* _THE PROBLEM_: Copy down the listing below exactly. Do not include pictures.

* _GIVEN INFORMATION_:
<<<<

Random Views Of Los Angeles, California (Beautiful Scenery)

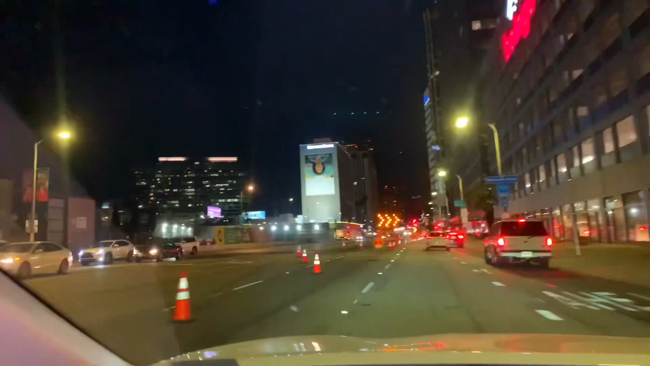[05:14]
I went at nighttime because I went past it. I was in Calabasas, so I had to ride past it.
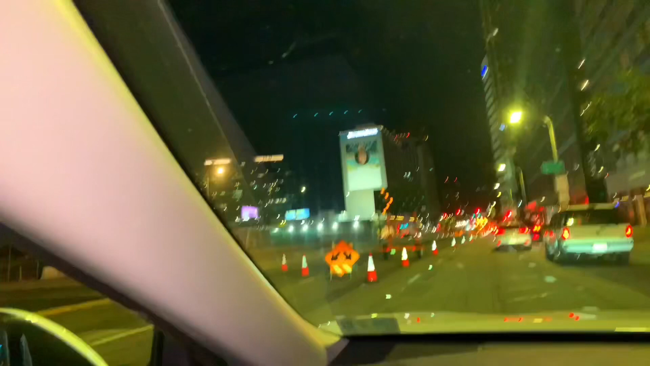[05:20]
I'm going to go at daytime. But, bro, what the freak, man? This is where all the hype be. This is where all the famous people be. No, like, I definitely had to come through here. I don't know where the Gucci store is and all that at, but I'm finna go around and try to find it.
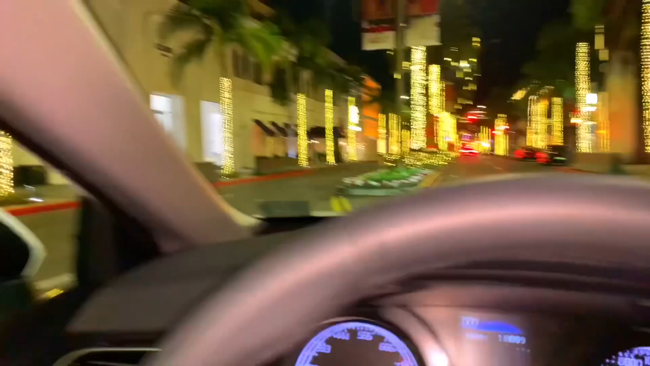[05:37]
Nighttime vibes in Beverly Hills. Like, I'm in it.
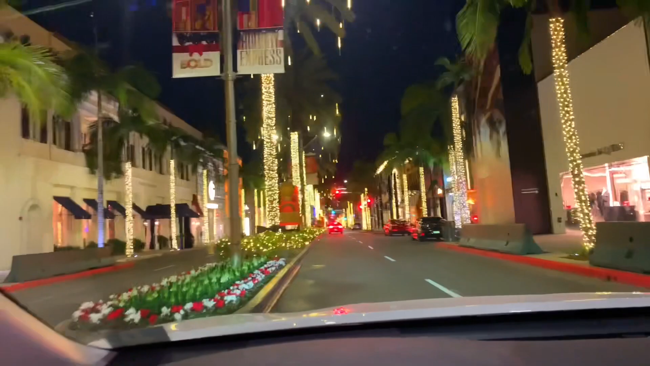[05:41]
Like, this the strip where everybody at. Alexander McQueen, Celine, Ralph Lauren, like, all the places to be. You know, but y'all get the gist of this, man. And the trees are humongous.
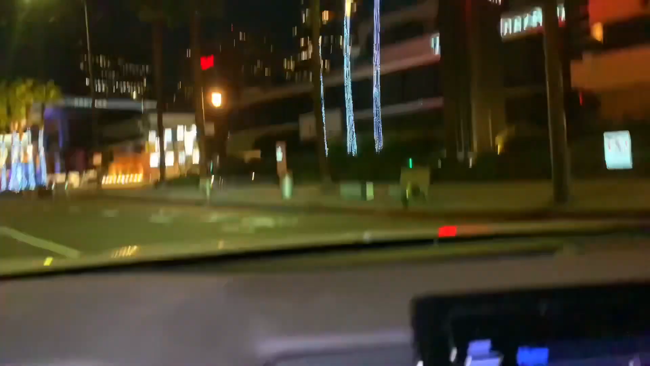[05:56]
Y'all, I didn't realize Beverly Hills got a mall too, boy.

>>>>

* _EXERCISE OUTPUT_:
Random Views Of Los Angeles, California (Beautiful Scenery)

[05:14]
I went at nighttime because I went past it. I was in Calabasas, so I had to ride past it.
[05:20]
I'm going to go at daytime. But, bro, what the freak, man? This is where all the hype be. This is where all the famous people be. No, like, I definitely had to come through here. I don't know where the Gucci store is and all that at, but I'm finna go around and try to find it.
[05:37]
Nighttime vibes in Beverly Hills. Like, I'm in it.
[05:41]
Like, this the strip where everybody at. Alexander McQueen, Celine, Ralph Lauren, like, all the places to be. You know, but y'all get the gist of this, man. And the trees are humongous.
[05:56]
Y'all, I didn't realize Beverly Hills got a mall too, boy.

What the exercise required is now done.